Stored dataset items:
========================================================================
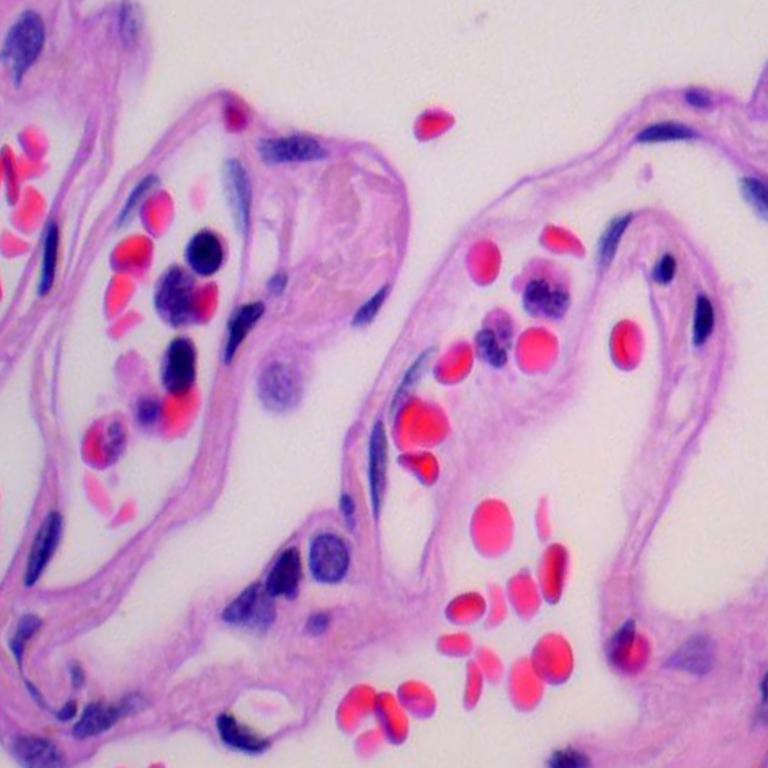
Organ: lung
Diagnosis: benign
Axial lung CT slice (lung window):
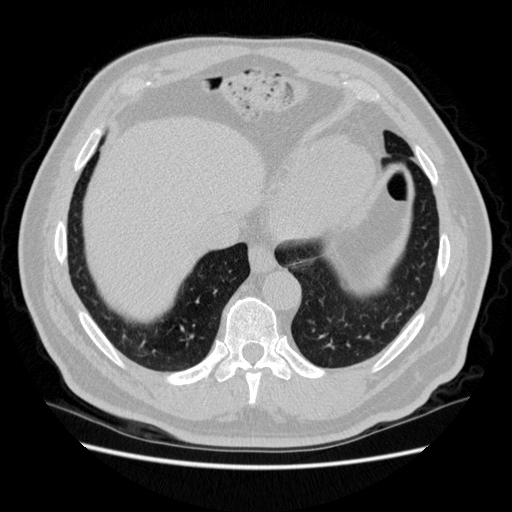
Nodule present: no
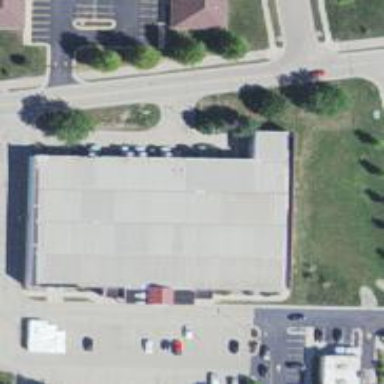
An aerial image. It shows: Retail building.
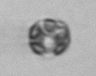
Label: Thalassiosira
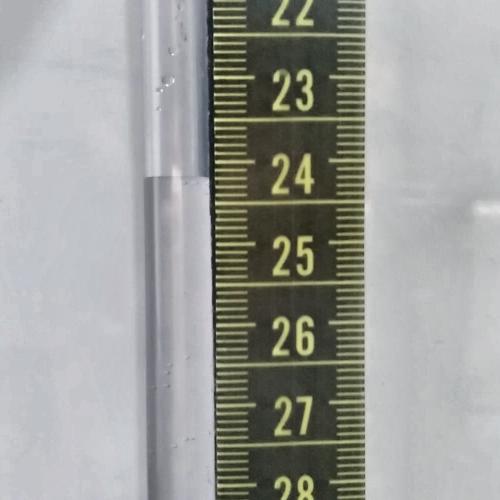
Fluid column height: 24.2 cm
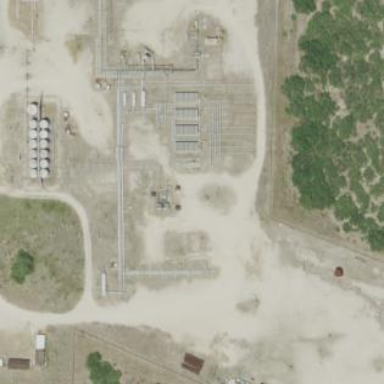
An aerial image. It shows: Fenced industrial area dedicated to gas operations.
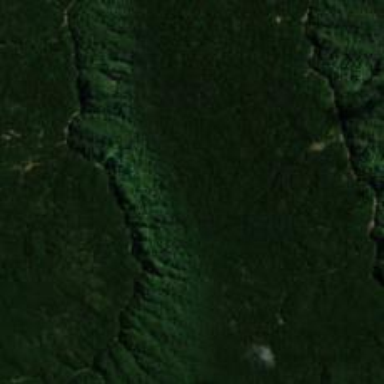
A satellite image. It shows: Natural ridge.
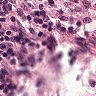
Metastatic tissue present: no
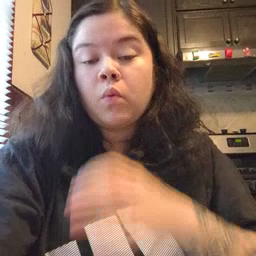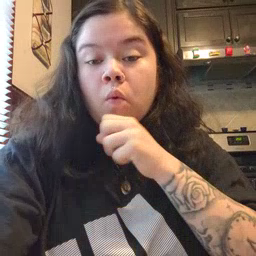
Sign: orange
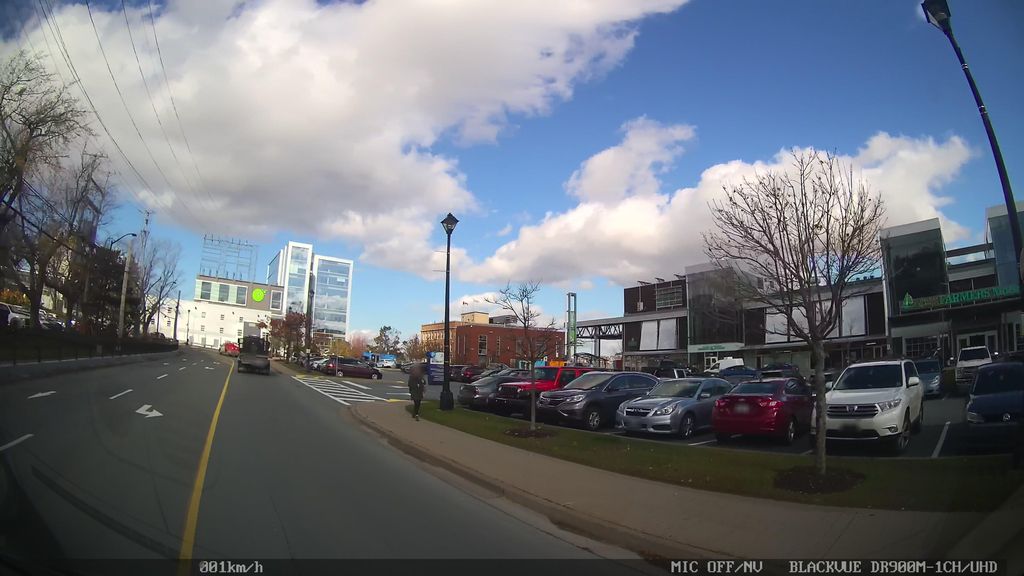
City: halifax
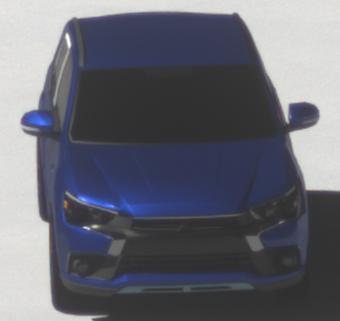
Make: Mitsubishi
Model: Outlander 2.0 Plug-In Hybrid
Detailed model: Outlander (III) Plug-In Hybrid
Model produced from: 2015/10
Model produced until: 2018/08
Doors: 5
Color: blue
Road condition: dry road
Daytime: midday
Contrast: high contrast
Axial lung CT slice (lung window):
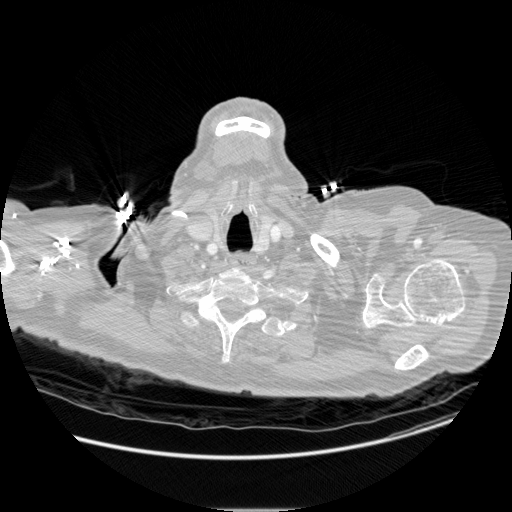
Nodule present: no
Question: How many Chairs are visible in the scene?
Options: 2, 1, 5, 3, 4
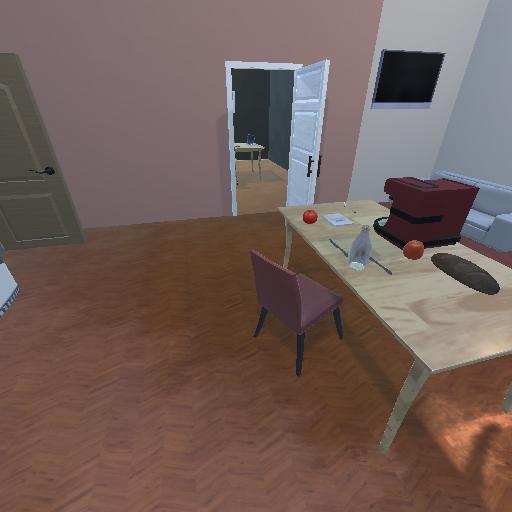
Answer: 2
========================================================================
Problem details: Please set down the data above exactly as given, leaving every picture out.

Answer to this exercise:
Organ: lung
Diagnosis: benign
Axial lung CT slice (lung window):
Nodule present: no
An aerial image. It shows: Retail building.
Label: Thalassiosira
Fluid column height: 24.2 cm
An aerial image. It shows: Fenced industrial area dedicated to gas operations.
A satellite image. It shows: Natural ridge.
Metastatic tissue present: no
Sign: orange
City: halifax
Make: Mitsubishi
Model: Outlander 2.0 Plug-In Hybrid
Detailed model: Outlander (III) Plug-In Hybrid
Model produced from: 2015/10
Model produced until: 2018/08
Doors: 5
Color: blue
Road condition: dry road
Daytime: midday
Contrast: high contrast
Axial lung CT slice (lung window):
Nodule present: no
Question: How many Chairs are visible in the scene?
Options: 2, 1, 5, 3, 4
Answer: 2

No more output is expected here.